El término griego οὖλε, parece estar relacionado con salve, pero no con hola. Según Pokorny1, ambas palabras comparten una raíz indoeuropea *solo- (entero), también presente en las palabras católico y saludo. La s inicial en las raíces indoeuropeas (*solo-) se mantiene en latín (salve), pero se aspira en griego οὖλε (houle). Otro ejemplo, *sā́u̯el- se convierte en ήλιος (helios), mientras que el latín conserva la s, en sol.

Como Pagot explica, la Real Academia Española, relaciona hola con el inglés hello. Todos los diccionarios ingleses consultados explican que hello viene de la variante hallo, presente desde mediados del siglo XVI. La variante hallo, nos dio la expresión hala.

Según el CORDE, hola aparece escrito por primera vez en español en el año 1535. 2 Según Moliner 3 y Corominas 4 la palabra hola es una voz de creación expresiva con variantes análogas en diferentes idiomas.

Fuentes:

  1. Indogermanisches Etymologisches Woerterbuch de Julius Pokorny.
  2. Comedia Vidriana - Jamime de Huete - 1535.
  3. Diccionario de María Moliner
  4. Breve Diccionario Etimológico de la lengua Castellana - Joan Corominas. Tercera edición, 1973.

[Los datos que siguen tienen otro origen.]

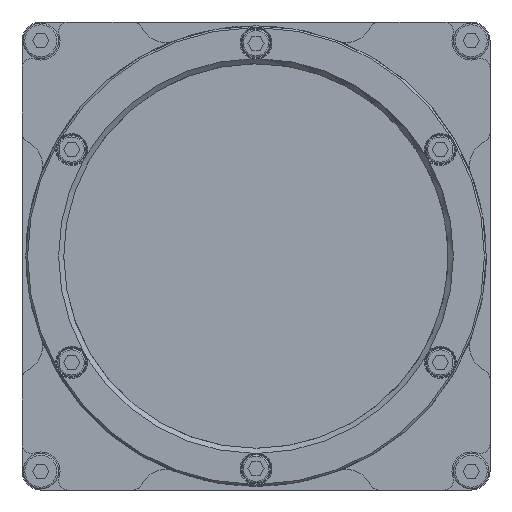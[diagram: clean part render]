
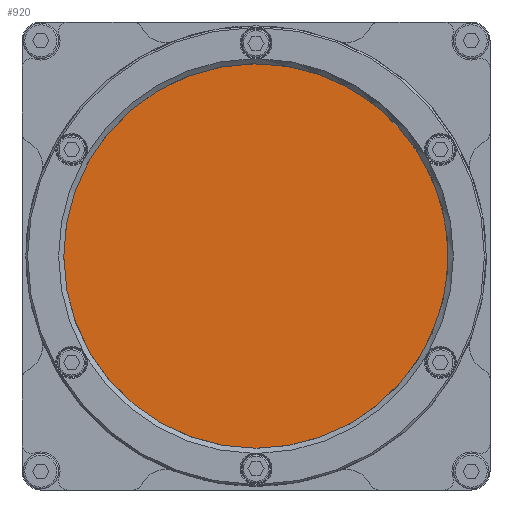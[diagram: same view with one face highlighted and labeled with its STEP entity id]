
A CAD part, left-side view. The second image highlights one B-rep face of the part: STEP entity #920.
In plain terms, the highlighted planar face has unit normal (-1, 0, 0).
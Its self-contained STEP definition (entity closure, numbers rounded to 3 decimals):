
#920 = ADVANCED_FACE( '', ( #2213 ), #2214, .T. );
#2213 = FACE_OUTER_BOUND( '', #3913, .T. );
#2214 = PLANE( '', #3914 );
#3913 = EDGE_LOOP( '', ( #6562 ) );
#3914 = AXIS2_PLACEMENT_3D( '', #6563, #6564, #6565 );
#6562 = ORIENTED_EDGE( '', *, *, #9954, .F. );
#6563 = CARTESIAN_POINT( '', ( 2.9, 20.459, 0. ) );
#6564 = DIRECTION( '', ( -1., 0., 0. ) );
#6565 = DIRECTION( '', ( 0., 0., 1. ) );
#9954 = EDGE_CURVE( '', #12028, #12028, #12029, .T. );
#12028 = VERTEX_POINT( '', #14883 );
#12029 = CIRCLE( '', #14884, 20.459 );
#14883 = CARTESIAN_POINT( '', ( 2.9, 0., -20.459 ) );
#14884 = AXIS2_PLACEMENT_3D( '', #17958, #17959, #17960 );
#17958 = CARTESIAN_POINT( '', ( 2.9, 0., 0. ) );
#17959 = DIRECTION( '', ( 1., 0., 0. ) );
#17960 = DIRECTION( '', ( 0., 0., -1. ) );

Términos parecidos a "hola" son el galicismo "alló" o el alemán "hallo" que se pronuncian al revés que en castellano. O el "aloha" hawaiano.

- Gracias: Visitante Barcelona 100411


No parece que nuestro hola tenga que tener un origen, rebuscadísmo por demás, en el griego οὖλε. Este además, como el salve latino, que suele ser traducidos por "hola", es sin embargo un saludo habitual que desea salud y en el fondo más formal que en origen lo era nuestro "hola" y todas las variantes existentes en las distintas lenguas, que en origen, no parecen ser saludos. El tema es muy complejo, pero si examinamos el panorama podemos observar dos cosas:

1) Aparte del hola del castellano y catalán, el olá portugués, el hélas francés, el alo rumano, posibles formas antiguas italianas que sólo muy modernamente han sido sustituidas por el ciao, tenemos el hello inglés y el hallo alemán. La primera impresión por el reparto geográfico, es que se trata de una forma vinculada a todos los territorios del antiguo Imperio Romano que eran de habla latina, y a ciertas comunidades que tuvieron contacto íntimo con esas áreas como la de los germanos del sur (las lenguas germánicas más norteñas como las escandinavas, siguen otro patrón para el "hola", excepto si alguna de ellas se ha visto recientemente influenciada por el hello del inglés. Es cierto que alguna de estas formas ha recibido explicación específica, como el hélas francés que se ha considerado dependiente de un arcaico verbo héler con el valor de saludar, dependiente de una forma germánica heilen (saludar, desear salud), que es la que está en la base del "heil!" alemán.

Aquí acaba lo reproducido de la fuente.